We were now free to be together.
Tentatively, holding my breath, I stepped forward to be closer to her. In the pure moonlight her beauty washed over me like a wave of warmth and comfort, stirring in my trembling breast feelings of such intensity I thought my nerves themselves might vaporize. My nostrils tensed with the first delicious waft of her scent, like decomposition with an erotic undertone.
I had to have her. There could be no other way. I approached with caresses and soft words, reciting to her poetry and the rhymes of love songs, soothing with a voice that hid its inward ardor. I felt as if she heard me and relaxed, releasing more of her intoxicating scent. I kissed her sweet calyxes, and pressed my tongue lightly along her bunched petals, the moisture and warmth causing more of that delicious odor to waft from within.
"I must have you," I cried, and she must have felt my passion, for at that moment with a gentle ruffling noise she began to open -- she opened for me. I teased her with my mouth, then my fingers danced lightly over her zones of pleasure, as the gateway to pleasure separated before me. Tearing off my clothes, I brushed aside the calyxes with the roughness that offsets the gentleness of the lovemaking act, and with my mouth stimulating her corolla, plunged myself into the moist delight of her inner chamber.

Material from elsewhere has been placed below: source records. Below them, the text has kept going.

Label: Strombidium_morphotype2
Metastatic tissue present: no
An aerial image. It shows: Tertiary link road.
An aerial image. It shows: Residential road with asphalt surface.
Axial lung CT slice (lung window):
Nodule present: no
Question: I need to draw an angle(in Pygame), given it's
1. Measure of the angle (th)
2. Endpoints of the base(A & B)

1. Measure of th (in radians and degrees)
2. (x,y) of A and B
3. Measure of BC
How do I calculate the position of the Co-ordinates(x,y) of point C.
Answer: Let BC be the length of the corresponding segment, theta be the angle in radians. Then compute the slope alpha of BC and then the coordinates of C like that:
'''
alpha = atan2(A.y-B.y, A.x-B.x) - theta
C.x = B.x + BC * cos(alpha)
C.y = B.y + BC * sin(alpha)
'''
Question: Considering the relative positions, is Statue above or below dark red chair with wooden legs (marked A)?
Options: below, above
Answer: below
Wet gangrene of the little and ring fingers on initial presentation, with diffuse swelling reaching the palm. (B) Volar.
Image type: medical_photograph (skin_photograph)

Time defies description in this state. How long we were locked in that lustful embrace, tasting the delights of each other's bodies and intimate areas, I do not know, but it was the most amazing span of my life. I was one with the corpse flower, and she with me. I felt pleasures I cannot describe and although she was coy, I feel that she did as well.

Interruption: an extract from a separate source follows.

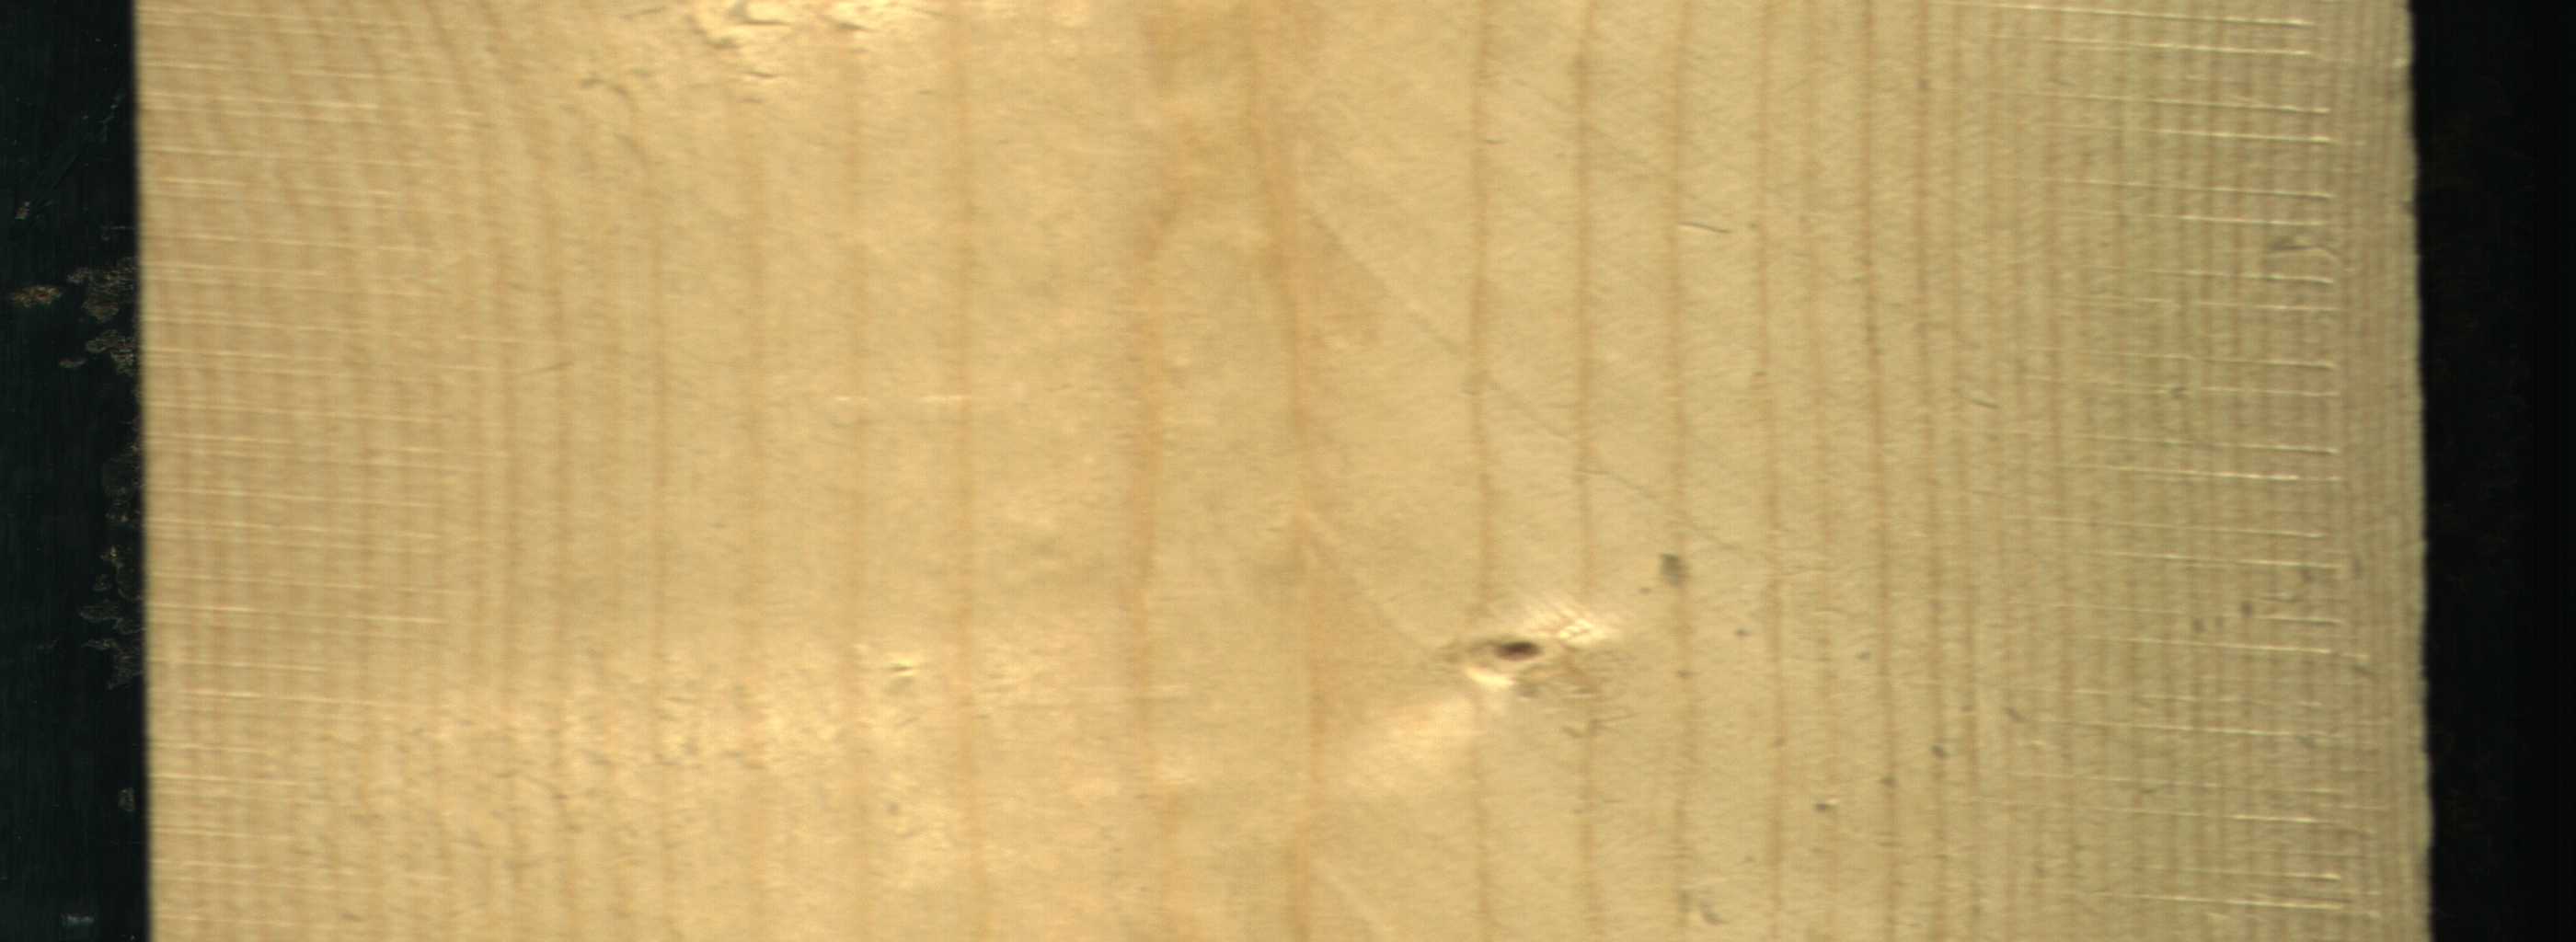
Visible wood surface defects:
Live_Knot

Life is not kind to lovers outside of the act of love itself, and morning came too quickly with the outraged shout of a security guard. Soon they had me bound, chains swinging across the limbs that had held her, and I cried out, "I will never forget you, Lois! We shall be together!" A dark shade crossed my mind as the tazers hissed at my side.
When I look back on it now, there is nothing I regret. I found the great love of a lifetime, and I pursued her, and I had her with all of the beauty and pain that such a great event entails. Regrets do not trouble me, nor does fear for the future. I have found love and become one with it, through her. A happier man in a straightjacket you will not find!
Still I possess her in my dreams, and I know that if I ever escape this foul hell of a mental ward, we will be together forever at last, in body, mind and soul.